For the entries below, how many lines contain the word "display"? Reply with the number and nothing else.

• • • • • • •

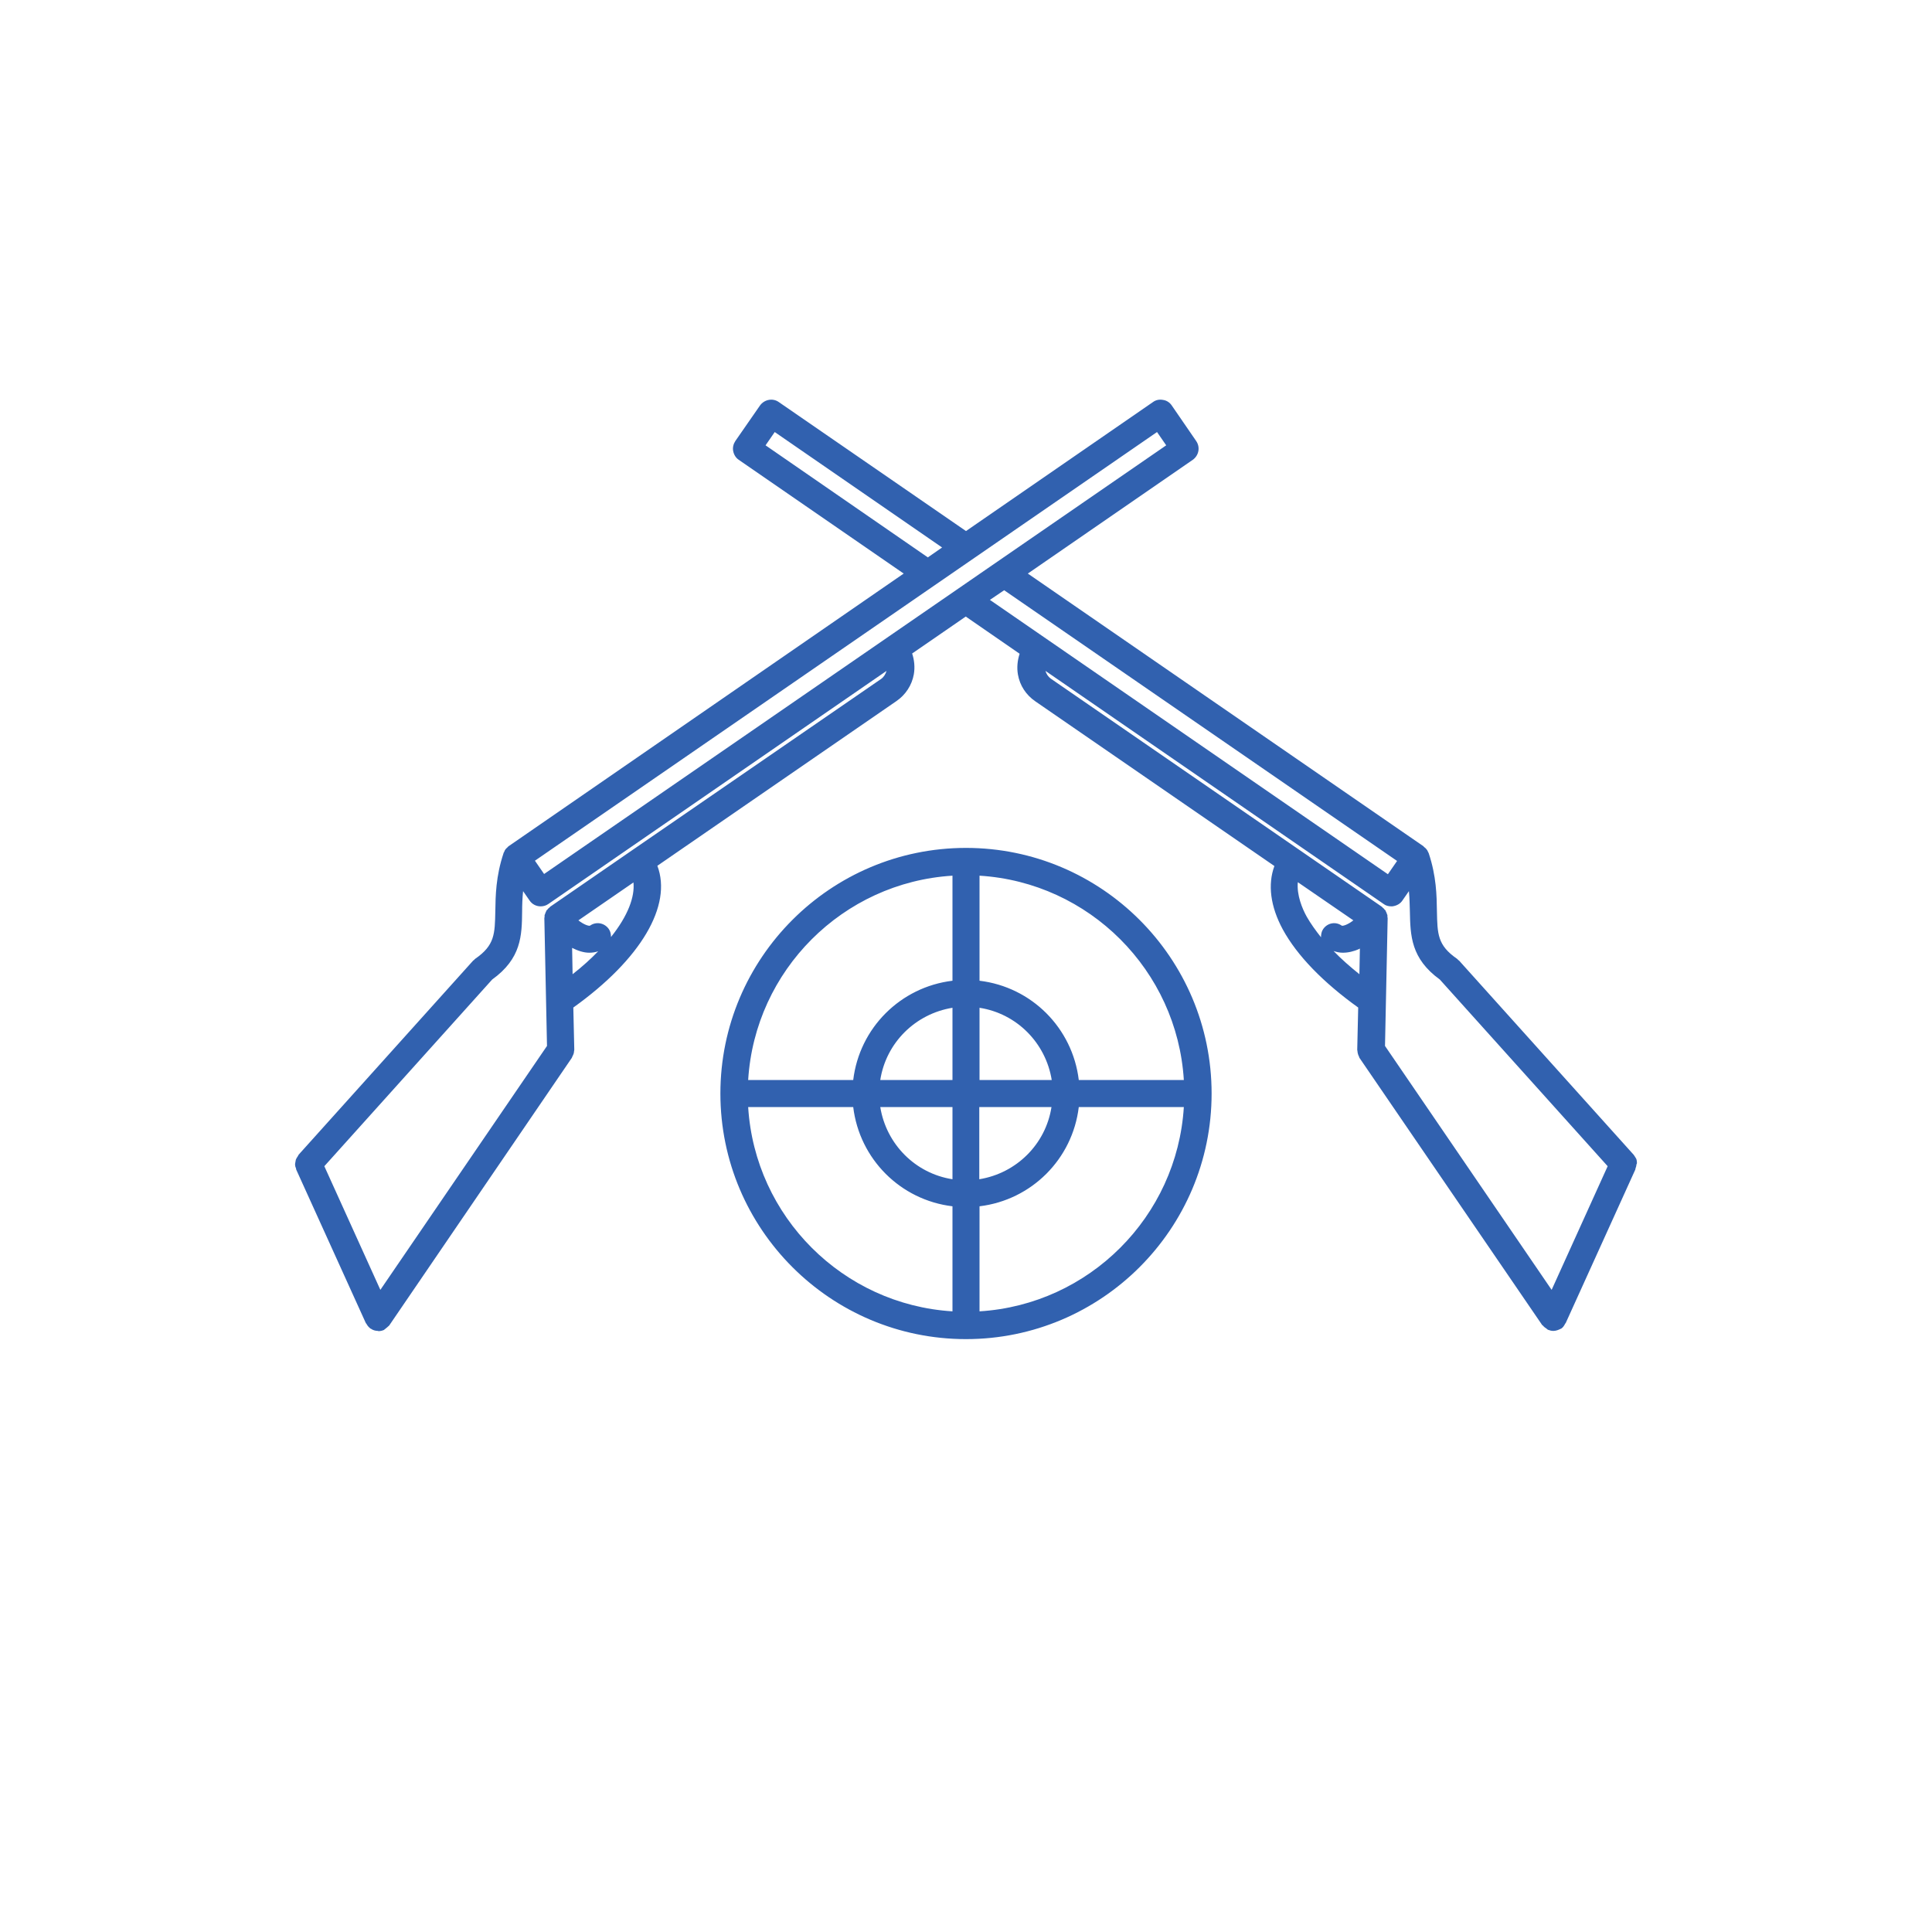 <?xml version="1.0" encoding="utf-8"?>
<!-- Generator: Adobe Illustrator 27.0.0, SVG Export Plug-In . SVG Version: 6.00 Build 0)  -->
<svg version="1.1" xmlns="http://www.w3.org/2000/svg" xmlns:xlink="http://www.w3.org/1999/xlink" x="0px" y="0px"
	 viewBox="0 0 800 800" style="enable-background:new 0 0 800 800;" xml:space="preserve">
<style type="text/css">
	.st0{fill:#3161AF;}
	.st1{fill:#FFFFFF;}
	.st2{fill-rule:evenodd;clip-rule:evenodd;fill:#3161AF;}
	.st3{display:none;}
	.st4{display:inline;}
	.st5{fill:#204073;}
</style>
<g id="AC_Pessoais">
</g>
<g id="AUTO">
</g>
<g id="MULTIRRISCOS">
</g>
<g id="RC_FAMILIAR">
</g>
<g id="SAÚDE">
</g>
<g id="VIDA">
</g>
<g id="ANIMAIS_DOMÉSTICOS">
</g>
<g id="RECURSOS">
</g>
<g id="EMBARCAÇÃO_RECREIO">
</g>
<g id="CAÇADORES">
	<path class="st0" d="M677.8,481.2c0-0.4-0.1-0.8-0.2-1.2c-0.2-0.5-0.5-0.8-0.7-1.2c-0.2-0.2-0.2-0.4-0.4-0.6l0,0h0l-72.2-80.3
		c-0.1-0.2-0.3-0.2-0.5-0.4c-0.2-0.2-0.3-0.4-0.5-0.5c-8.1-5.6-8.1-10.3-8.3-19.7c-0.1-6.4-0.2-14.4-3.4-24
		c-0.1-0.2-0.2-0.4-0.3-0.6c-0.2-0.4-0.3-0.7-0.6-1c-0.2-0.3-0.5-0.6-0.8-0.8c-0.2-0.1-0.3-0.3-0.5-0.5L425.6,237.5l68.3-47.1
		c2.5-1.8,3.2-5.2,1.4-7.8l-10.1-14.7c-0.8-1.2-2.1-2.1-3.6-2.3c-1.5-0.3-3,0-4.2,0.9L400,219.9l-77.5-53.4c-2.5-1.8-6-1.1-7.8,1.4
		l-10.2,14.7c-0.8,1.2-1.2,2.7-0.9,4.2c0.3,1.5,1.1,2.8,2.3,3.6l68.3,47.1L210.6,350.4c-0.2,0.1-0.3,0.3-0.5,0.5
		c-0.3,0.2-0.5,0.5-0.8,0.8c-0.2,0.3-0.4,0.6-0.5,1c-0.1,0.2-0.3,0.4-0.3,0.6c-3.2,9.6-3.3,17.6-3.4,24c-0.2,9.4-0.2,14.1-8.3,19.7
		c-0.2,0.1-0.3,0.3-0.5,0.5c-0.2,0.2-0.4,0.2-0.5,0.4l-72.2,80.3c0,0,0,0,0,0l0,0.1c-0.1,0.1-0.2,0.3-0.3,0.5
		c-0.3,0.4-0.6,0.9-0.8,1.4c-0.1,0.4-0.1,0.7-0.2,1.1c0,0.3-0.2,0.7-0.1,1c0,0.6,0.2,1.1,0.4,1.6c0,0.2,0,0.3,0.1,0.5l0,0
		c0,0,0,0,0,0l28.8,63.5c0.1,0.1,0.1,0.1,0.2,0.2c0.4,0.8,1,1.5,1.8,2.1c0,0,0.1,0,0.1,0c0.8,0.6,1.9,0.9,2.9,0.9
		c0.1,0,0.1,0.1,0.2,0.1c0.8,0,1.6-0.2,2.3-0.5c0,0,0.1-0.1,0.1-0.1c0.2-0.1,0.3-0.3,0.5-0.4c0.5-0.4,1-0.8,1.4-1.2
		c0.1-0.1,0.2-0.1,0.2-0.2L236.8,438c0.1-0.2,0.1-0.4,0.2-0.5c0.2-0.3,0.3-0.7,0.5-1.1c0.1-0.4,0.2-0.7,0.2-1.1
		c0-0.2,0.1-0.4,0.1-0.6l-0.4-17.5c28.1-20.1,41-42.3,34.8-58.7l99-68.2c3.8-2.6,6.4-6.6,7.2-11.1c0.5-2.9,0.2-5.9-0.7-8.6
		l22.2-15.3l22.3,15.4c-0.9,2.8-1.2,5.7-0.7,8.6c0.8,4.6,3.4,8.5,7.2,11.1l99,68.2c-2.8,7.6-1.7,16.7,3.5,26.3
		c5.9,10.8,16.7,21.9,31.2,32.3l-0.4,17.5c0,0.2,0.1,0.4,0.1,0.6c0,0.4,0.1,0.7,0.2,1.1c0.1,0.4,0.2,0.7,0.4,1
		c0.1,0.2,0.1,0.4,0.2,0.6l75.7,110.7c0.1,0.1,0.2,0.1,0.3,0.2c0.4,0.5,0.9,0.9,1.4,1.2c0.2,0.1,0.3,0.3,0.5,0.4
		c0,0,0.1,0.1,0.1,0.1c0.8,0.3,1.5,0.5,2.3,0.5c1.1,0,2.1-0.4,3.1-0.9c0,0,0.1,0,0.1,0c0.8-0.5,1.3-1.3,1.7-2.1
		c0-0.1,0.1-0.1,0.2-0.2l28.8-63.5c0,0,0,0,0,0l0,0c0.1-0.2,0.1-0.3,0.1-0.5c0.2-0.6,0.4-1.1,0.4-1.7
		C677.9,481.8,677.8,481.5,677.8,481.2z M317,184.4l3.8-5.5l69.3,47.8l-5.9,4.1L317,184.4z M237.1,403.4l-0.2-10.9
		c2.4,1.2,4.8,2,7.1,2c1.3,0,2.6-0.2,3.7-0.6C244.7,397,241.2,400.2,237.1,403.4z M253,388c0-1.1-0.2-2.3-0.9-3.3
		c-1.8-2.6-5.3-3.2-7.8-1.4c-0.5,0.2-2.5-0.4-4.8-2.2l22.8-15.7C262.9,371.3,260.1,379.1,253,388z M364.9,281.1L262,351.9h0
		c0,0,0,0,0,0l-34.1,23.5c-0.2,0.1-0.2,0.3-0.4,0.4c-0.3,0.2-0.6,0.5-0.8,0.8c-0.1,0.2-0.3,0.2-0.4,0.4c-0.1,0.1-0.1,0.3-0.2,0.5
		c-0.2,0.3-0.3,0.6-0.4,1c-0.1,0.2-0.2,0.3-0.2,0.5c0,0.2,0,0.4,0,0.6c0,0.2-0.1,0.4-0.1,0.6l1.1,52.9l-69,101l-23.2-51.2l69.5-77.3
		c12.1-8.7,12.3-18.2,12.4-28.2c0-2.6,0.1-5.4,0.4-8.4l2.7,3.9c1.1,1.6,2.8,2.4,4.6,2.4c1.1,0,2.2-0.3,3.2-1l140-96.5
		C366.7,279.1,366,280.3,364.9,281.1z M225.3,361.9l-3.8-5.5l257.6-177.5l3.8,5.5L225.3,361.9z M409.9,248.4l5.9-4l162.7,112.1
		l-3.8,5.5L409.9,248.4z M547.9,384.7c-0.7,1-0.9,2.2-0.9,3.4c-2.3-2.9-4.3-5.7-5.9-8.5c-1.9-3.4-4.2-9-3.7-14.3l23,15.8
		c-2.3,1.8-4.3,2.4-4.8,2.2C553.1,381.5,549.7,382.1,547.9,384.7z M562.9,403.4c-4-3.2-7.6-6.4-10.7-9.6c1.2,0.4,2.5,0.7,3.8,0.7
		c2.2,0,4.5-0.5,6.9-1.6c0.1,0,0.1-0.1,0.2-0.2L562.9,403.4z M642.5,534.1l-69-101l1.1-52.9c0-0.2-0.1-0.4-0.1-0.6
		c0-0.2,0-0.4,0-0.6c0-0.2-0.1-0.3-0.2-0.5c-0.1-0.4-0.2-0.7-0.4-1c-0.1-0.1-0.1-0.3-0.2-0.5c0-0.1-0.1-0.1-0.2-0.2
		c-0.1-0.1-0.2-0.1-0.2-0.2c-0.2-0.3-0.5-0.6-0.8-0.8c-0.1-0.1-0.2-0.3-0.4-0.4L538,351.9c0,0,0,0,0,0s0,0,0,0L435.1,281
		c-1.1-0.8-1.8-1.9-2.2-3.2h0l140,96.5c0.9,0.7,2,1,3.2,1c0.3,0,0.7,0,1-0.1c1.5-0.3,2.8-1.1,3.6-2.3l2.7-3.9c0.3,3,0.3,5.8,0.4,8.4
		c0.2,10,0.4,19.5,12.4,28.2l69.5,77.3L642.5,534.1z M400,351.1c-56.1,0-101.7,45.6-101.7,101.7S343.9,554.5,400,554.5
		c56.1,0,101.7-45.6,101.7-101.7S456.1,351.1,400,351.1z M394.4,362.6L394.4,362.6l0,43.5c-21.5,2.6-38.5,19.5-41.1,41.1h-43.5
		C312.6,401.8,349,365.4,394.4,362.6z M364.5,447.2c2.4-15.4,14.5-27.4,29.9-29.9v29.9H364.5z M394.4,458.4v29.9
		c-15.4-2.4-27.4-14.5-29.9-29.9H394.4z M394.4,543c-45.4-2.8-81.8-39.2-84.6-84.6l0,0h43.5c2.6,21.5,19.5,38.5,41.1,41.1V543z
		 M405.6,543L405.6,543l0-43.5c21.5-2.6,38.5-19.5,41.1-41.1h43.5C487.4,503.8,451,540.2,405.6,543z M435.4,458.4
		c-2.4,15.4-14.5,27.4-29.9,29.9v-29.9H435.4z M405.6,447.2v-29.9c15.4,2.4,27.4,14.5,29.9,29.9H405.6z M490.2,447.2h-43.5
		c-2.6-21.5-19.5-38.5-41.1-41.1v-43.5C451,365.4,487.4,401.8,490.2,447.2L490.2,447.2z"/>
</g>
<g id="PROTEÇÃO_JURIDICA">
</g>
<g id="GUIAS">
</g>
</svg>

• • • • • • •

> Answer section
2